Data shown:

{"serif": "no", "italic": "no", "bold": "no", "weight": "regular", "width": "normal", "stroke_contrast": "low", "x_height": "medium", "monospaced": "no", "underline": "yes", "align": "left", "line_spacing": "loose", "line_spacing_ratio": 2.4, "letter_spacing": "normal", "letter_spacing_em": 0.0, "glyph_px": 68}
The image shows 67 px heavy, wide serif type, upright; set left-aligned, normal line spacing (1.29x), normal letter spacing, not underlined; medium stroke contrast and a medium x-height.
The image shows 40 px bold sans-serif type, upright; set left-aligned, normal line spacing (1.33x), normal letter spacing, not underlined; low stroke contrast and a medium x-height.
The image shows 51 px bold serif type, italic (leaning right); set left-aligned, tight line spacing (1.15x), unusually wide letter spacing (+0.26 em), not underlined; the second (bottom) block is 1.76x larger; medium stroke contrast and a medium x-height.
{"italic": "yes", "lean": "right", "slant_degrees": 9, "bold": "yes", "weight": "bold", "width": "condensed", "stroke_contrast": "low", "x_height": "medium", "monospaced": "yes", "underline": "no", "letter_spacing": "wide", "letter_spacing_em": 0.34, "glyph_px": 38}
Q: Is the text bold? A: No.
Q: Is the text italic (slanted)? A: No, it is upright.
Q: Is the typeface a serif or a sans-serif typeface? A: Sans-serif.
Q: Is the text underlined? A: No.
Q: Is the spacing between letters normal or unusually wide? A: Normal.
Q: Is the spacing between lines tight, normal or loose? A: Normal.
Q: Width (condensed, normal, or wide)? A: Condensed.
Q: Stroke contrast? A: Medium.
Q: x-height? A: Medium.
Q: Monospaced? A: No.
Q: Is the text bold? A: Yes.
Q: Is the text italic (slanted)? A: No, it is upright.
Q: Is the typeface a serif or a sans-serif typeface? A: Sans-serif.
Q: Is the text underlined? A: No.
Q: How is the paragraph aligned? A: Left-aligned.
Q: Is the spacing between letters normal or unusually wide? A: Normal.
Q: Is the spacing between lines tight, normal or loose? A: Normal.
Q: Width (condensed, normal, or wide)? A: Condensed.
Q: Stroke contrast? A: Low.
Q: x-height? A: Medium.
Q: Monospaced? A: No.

---

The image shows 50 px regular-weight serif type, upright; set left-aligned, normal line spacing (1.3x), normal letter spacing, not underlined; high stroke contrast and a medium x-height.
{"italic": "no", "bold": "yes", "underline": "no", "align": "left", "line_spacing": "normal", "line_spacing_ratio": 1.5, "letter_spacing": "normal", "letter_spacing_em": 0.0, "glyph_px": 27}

Aim of the exercise: Search the data for the string "italic" and copy out every line where it is found.

Exercise result:
{"serif": "no", "italic": "no", "bold": "no", "weight": "regular", "width": "normal", "stroke_contrast": "low", "x_height": "medium", "monospaced": "no", "underline": "yes", "align": "left", "line_spacing": "loose", "line_spacing_ratio": 2.4, "letter_spacing": "normal", "letter_spacing_em": 0.0, "glyph_px": 68}
The image shows 51 px bold serif type, italic (leaning right); set left-aligned, tight line spacing (1.15x), unusually wide letter spacing (+0.26 em), not underlined; the second (bottom) block is 1.76x larger; medium stroke contrast and a medium x-height.
{"italic": "yes", "lean": "right", "slant_degrees": 9, "bold": "yes", "weight": "bold", "width": "condensed", "stroke_contrast": "low", "x_height": "medium", "monospaced": "yes", "underline": "no", "letter_spacing": "wide", "letter_spacing_em": 0.34, "glyph_px": 38}
Q: Is the text italic (slanted)? A: No, it is upright.
Q: Is the text italic (slanted)? A: No, it is upright.
{"italic": "no", "bold": "yes", "underline": "no", "align": "left", "line_spacing": "normal", "line_spacing_ratio": 1.5, "letter_spacing": "normal", "letter_spacing_em": 0.0, "glyph_px": 27}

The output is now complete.